The first signs of a problem were when she began to go deaf in the mid-nineteen seventies. She visited a specialist who concluded that it was due to her having had measles as an adult. In 1979 she again saw a specialist and was advised that the deafness was due to the degeneration of the aural nerve and that it was incurable. She wore aids from then on, getting increasingly powerful ones as the deafness became more acute. She had acupuncture for a while in the first few years and reported that it helped.

In 1988 she had a vehicle accident, injuring her sternum. From then she began to develop symptoms which were finally diagnosed in early 1990 as Type 2 diabetes. The onset of the diabetes was attributed to the accident. Osteoporosis was also diagnosed at about this time. Her dizziness, attributed to the deafness, developed throughout the nineties, to the point where we had to move to a house with no stairs or steps. From 1980 through to 2000 she had a number of unexplained falls. She would be walking along and would suddenly pitch forward in a totally uncontrolled way and crash to the ground, and could not explain what happened. During the same period she began to suffer from constipation, which again got worse as time went by.

By 2002 she was beginning to fall asleep regularly during the day, and in about August, after a conversation with a friend, I suspected sleep apnea, which was confirmed by the sleep unit at the local hospital in October. She was to be fitted with a CPAP mask when we got back from a Christmas holiday with our son and his family. Also during this period she needed to urinate several times a night. She attributed this need to the fact that she was waking up regularly because of the apnea but later she was fitted with a catheter and the need abated so it is reasonable to conclude that she was already suffering urinary tract problems. During this period her memory also began to fail noticeably, to the point that at Christmas she was unable to recognise friends that we had known for years. By the end of the year her balance was such that she had difficulty walking unaided.

On 4 January she and I walked to a local coffee shop, about a kilometre away. She was very unsteady, and felt very cold. It was a windy day and we got quite cold sitting outside the cafe. We returned to the house and as we were beginning lunch she had her first seizure and all functions stopped. Thanks to the skills of our daughter-in-law she was stabilised until the ambulance arrived and breathing and heart functions returned to normal. She was rushed to hospital where a range of examinations were completed. After about two hours she returned to consciousness and awareness. Her overriding problem was an urgent need to urinate but she was unable to do so. She was fitted with a catheter which remained with her until her death.

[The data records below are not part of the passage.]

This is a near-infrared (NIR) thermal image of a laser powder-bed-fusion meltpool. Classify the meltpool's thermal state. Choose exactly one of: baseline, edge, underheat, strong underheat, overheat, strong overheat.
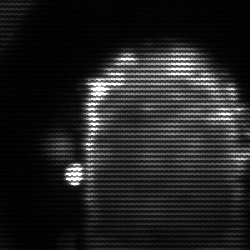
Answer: baseline
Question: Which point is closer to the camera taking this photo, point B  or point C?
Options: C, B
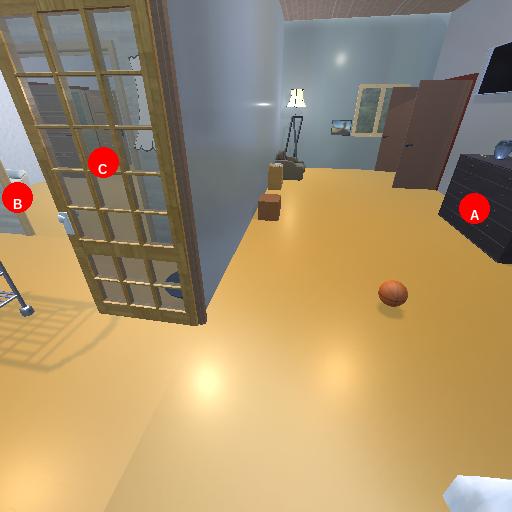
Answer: C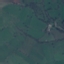
Land use / land cover class: Pasture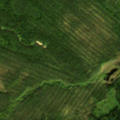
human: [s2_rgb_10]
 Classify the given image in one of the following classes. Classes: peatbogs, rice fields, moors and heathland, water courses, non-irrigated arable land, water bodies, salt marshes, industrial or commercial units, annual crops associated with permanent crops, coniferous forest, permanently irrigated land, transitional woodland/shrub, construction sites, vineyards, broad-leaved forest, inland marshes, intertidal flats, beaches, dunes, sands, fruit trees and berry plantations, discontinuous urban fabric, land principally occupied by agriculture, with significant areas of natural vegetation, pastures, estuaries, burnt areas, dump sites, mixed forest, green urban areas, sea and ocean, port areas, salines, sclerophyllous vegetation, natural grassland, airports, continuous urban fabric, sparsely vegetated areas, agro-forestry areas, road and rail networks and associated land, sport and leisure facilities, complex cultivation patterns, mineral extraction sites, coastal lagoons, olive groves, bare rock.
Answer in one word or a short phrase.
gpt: coniferous forest, transitional woodland/shrub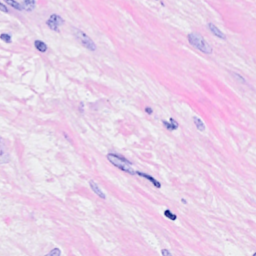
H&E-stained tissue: Breast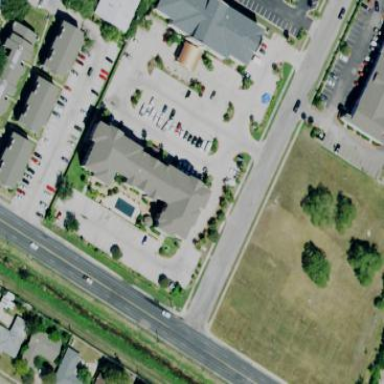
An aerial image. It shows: Hotel building.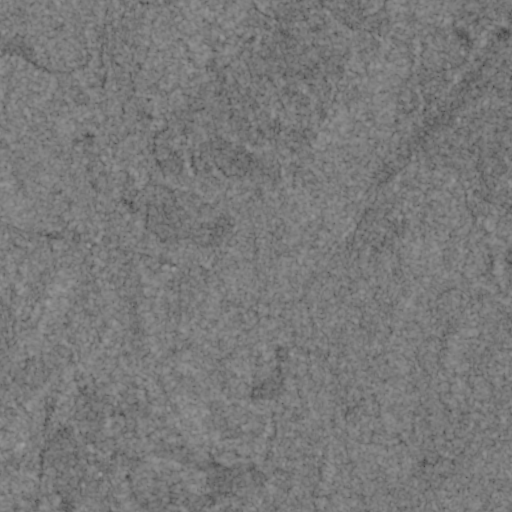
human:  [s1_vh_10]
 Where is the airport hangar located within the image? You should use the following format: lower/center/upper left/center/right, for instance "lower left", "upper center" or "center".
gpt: The airport hangar is located in the upper right of the image.
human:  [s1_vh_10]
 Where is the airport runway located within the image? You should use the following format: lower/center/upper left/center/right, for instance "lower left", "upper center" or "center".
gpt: The airport runway is located in the upper right of the image.
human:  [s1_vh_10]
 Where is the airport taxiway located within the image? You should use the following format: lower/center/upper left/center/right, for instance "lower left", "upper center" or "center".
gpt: The airport taxiway is located in the upper right of the image.
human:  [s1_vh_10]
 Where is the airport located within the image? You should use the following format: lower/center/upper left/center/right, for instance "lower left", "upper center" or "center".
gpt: There is no airport in the image.

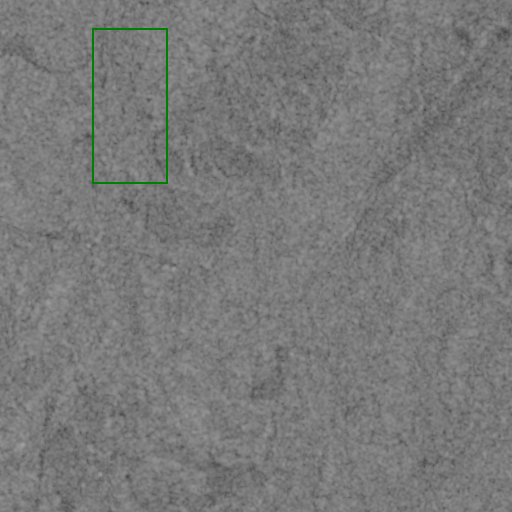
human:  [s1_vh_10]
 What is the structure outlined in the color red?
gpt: There is no red outline.
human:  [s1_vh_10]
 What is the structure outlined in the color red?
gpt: There is no structure outlined in red.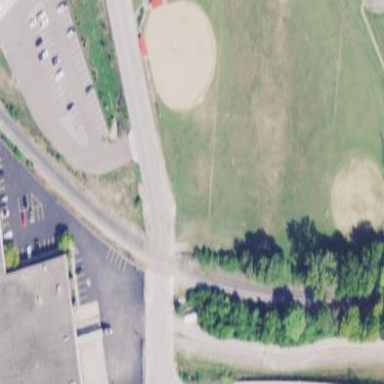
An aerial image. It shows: Baseball pitch for leisure land activities.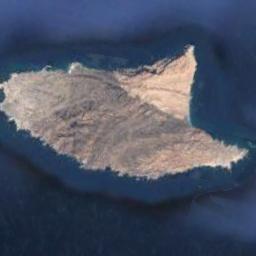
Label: island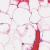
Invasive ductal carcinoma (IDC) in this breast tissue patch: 0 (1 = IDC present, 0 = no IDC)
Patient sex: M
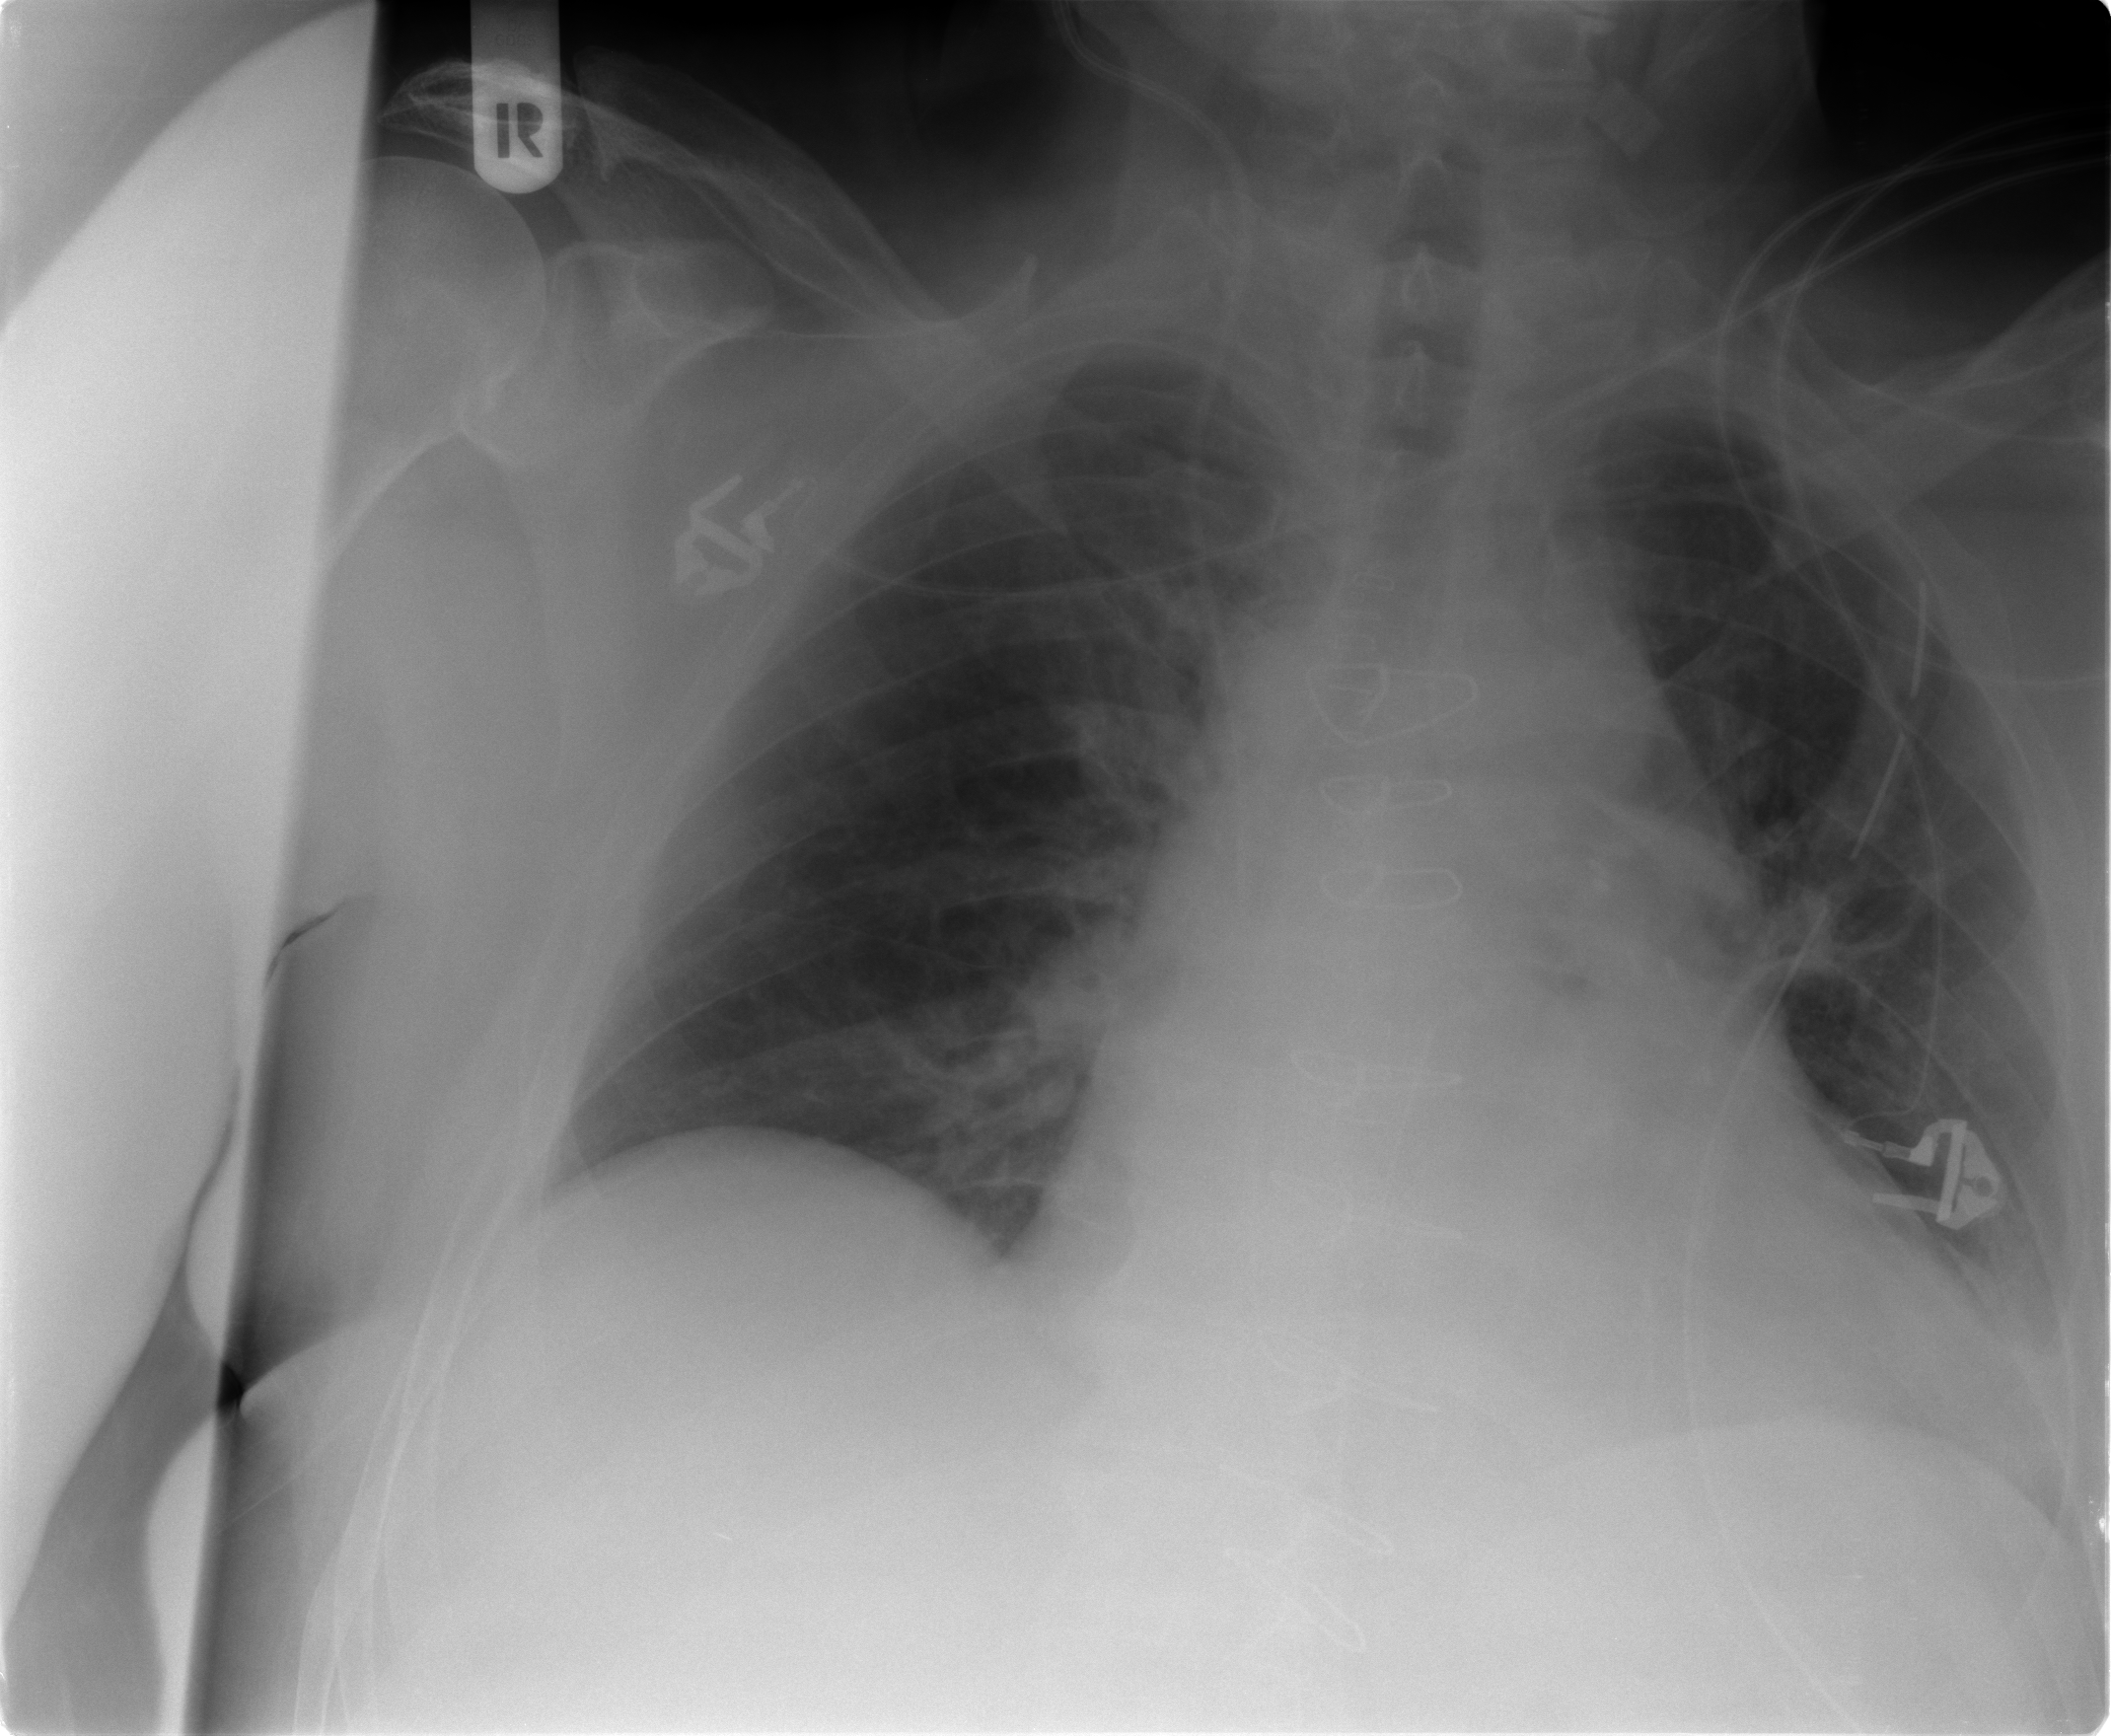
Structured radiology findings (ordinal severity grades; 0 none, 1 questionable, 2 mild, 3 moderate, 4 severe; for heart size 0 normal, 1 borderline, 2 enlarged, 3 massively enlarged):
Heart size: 2
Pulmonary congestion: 2
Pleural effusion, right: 0
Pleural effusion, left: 2
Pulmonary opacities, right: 0
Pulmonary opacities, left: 0
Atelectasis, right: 0
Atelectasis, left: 0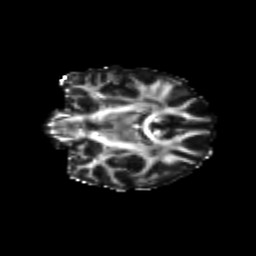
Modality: FA
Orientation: coronal
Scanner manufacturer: siemens
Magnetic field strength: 3 T
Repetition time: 9.2 s
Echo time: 0.084 s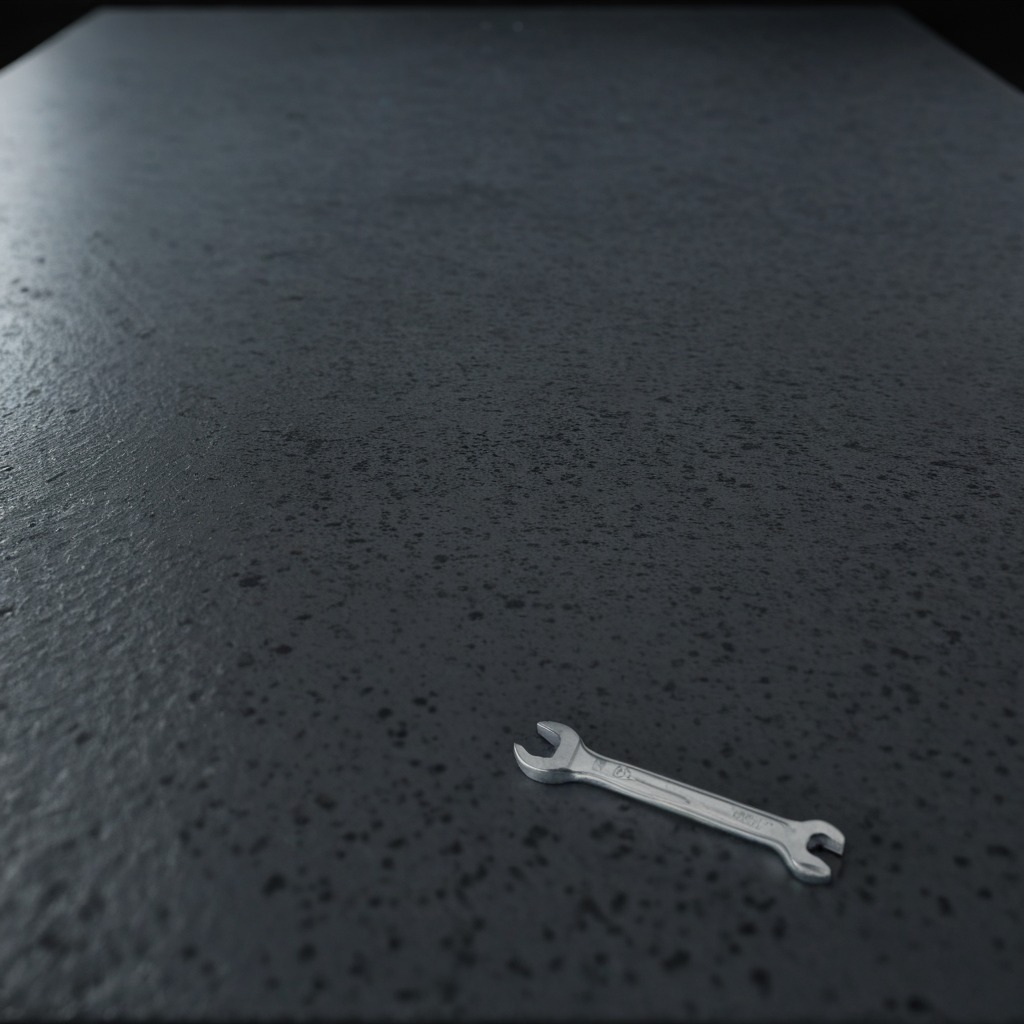
An wrench lies on a clean granite table inside a workshop at night.

When I was giving her medical history to the hospital neurologist the following morning she immediately suspected MELAS, which was in due course confirmed by biopsy. That was the first time we had heard either of MELAS* or of mitochondrial disorder. After returning home in mid-January the urinary problems became worse, requiring a spell in hospital. One day during this period she suddenly lost the last of her hearing. It was so sudden that she thought the batteries had gone in her hearing aids. From then on everything had to be written down for her.

About a fortnight later a second hospital visit became necessary to try to deal with the urinary tract problem which was by now acute, and medication was prescribed. Two weeks later again she went back into hospital so that something could be done about her constipation which was by now at crisis point. Apparently after the colonoscopy the staff had some trouble waking her. By now she was virtually immobile without help and a wheel chair was acquired. The following week back at home, while she was at the vanity cleaning her teeth, she suffered another mild seizure and was taken by ambulance to hospital again. After another week there it became apparent that there was little that could be done in the way of treatment.

We decided that she should be looked after at home. From then on deterioration was rapid, with repeated mild seizures and her condition getting worse after each one. She ranged from total awareness to severe hallucinatory periods during this time, and was hardly able to eat. For the last three weeks or so she was bed-ridden, and her condition slowly worsened until finally the body gave up. Three months had elapsed from the first seizure. She was 69.

10th May 2009

FAMILY SYMPTOMS

  • Grandmother: deafness, muscle atrophy, dementia.
  • Mother: deafness, muscle atrophy, chronic constipation.
  • Uncle (mother’s brother): deafness, constipation, dementia.
  • Sister: possible cardiomyopathy, deceased at 55.
  • Brother: deafness, muscle atrophy, constipation.
  • Elder son (52): depression, deafness, lactosis.
  • Younger son (50): insulin dependent diabetes, deafness, macular headaches, dizziness, renal problems, muscle atrophy.
  • Niece (sister’s daughter 41): migraines, gestational diabetes.
  • Nephew (sister’s son 43): insulin-dependent diabetes, deafness.